Deutsche Bank hardly goes a day without grabbing a headline about the wheels falling completely off another LOB. Case in point: sh*t is hitting the fan at DB’s once lucrative prime services biz as reported last week.

And Commerz has more or less never recovered from its wounds suffered during the 2008 financial crisis. In fact, the German government still owns more than 15% of Commerz, a stake acquired during the meltdown.



Everyone makes mistakes. We are only human after all. But if your mistakes result in one of the biggest bank collapses of the Great Recession, then surely there should be consequences …

PricewaterhouseCoopers best be getting its checkbook out, as the FDIC reached a $335M settlement, with the accountancy related to its ‘thorough auditing,’ if you want to call it that, of failed financial institution Colonial Bank. Some (read: everyone) might call the fine a slap on the wrist considering the failures economic cost …

Turn back the clock

PwC and Crowe Horwath both audited Colonial Bank in the time leading up to its collapse. Colonial Bank purchased more than $1B in mortgages from mortgage lender Taylor, Bean & Whitaker … that were not actually owned by Taylor Bean. Unbeknownst to Colonial and its auditors, the bank was wrapped up in one of the largest fraud cases in history.

According to the FDIC, if PwC and Crowe were doing their jobs, they would have noticed the glaring holes in Colonial’s balance sheet. Because of the negligence, Colonial was duped for more than seven years before its collapse.

Colonial had $22B in assets and $20B in deposits when BB&T took over Colonial’s operations following its failure in 2009. Colonial’s collapse cost the FDIC nearly $3B. And since karma’s a b*tch, the mastermind of the fraud, former Taylor Bean exec Lee Farkas, is spending 30 years behind bars. Colonial leadership was not found guilty.



The SEC has sued Volkswagen and former Board Chair, Martin Winterkorn, claiming that the manufacturer raised $13B via bond sales while making false claims about the environmental impact of “clean diesel” fuel.

VW has been serving penance since getting caught in 2015 for making and distributing diesel vehicles that it knew was not compliant with Uncle Sam’s emissions standards. Over 500k vehicles in the US were equipped with a system (called a “defeat device”) that would identify and pass Environmental Protection Agency testing but revert back to poor performance during actual output. If you need a recap, here’s how it all went down.

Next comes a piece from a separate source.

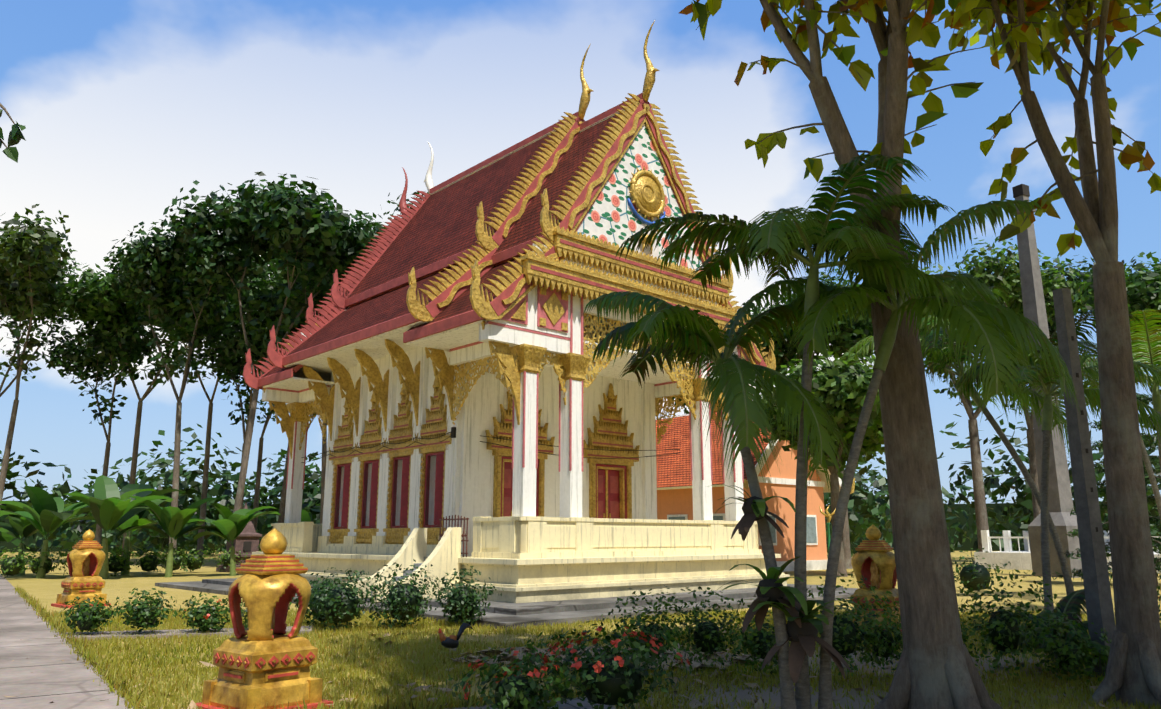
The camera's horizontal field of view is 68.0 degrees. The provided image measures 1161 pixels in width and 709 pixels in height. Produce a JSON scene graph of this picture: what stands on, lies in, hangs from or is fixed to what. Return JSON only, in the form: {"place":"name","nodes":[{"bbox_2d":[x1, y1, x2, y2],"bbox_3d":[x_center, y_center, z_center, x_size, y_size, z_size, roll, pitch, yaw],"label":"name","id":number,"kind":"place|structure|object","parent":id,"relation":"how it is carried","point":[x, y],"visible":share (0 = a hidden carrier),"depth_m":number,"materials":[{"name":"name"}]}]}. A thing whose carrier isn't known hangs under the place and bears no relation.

These new charges certainly aren’t VW’s first time in Johnny Law’s crosshairs. But the latest claims are the first to focus on securities fraud as the company used false claims to secure funding via the bond market.

Enough is enough

In total, VW has already pleaded guilty to the charges and paid at least $25B in penalties for the deceptive practices. Despite the fact that said practices do seem to be the driving force behind bond issuance, Das Auto seems to think that it is in the clear since the bondholders got the money promised.





  • Define piss-poor timing: on the same day that Ford announced 5k job cuts in Germany, which will include buyouts and layoffs, CEO Jim Hackett got a $1.1M raise. His $17.8M package comes following a tumultuous year during which Ford’s share price fell some 40%. Decisions like this are why he gets the big bucks.

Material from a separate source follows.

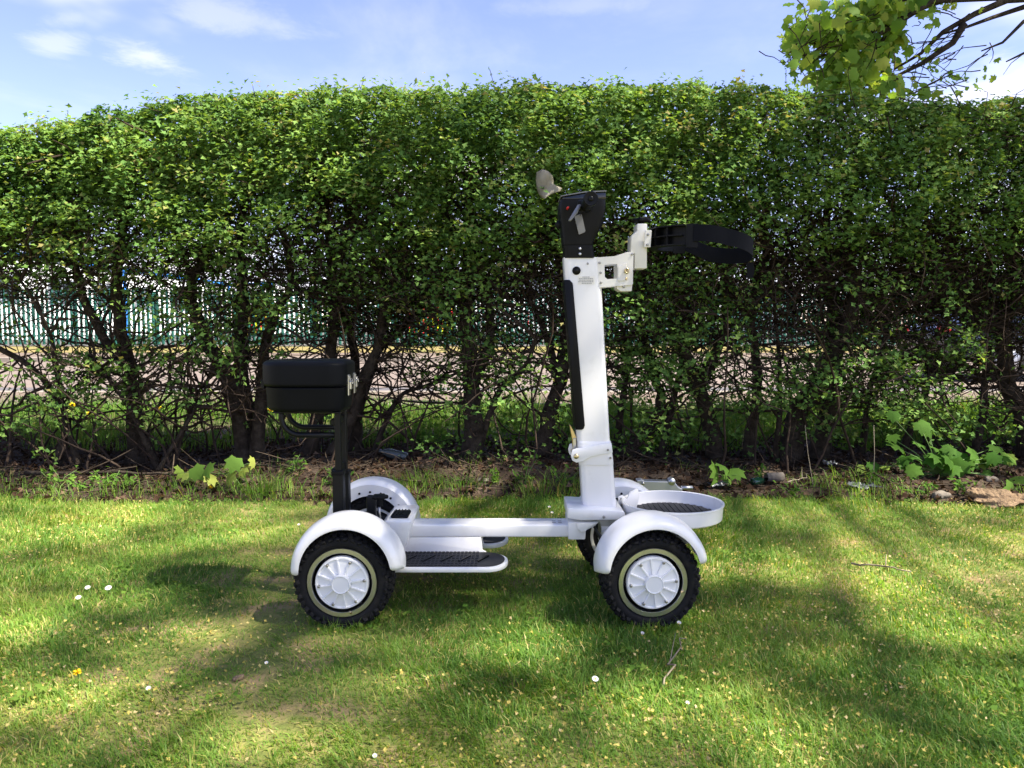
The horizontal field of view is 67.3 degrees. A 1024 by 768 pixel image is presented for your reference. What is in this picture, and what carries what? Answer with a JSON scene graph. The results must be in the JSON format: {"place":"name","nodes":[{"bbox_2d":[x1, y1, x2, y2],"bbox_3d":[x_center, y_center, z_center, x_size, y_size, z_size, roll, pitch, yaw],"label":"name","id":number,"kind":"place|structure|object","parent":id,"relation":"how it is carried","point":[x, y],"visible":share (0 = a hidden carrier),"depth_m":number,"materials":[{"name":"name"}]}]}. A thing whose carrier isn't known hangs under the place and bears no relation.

  • The BK Lounge is going scorched earth on its fast-food breakfast rivals. Exhibit A: “Enjoy BK Cafe app for a month for the price of a large cappuccino from Starbucks.” Burger King debuted a $5 per month coffee-subscription-service on Friday that the company hopes to ride its success to the top of the fast-food league tables.


  • Crypto-fiends rejoice, there’s a new get-poor-quick scheme on the horizon. Amazon, yes that Amazon is launching the Amazon Web Services Pro-Rata Program which will allow “sophisticated” (read: wealthy) investors to connect with and invest in companies that use AWS. For example, for the low, introductory price of $500k you can invest in little-blue-pill startup, Roman. It’s worth noting that Amazon is NOT investing any money in any of the startups, it’s simply offering your money to entice firms to use its platform.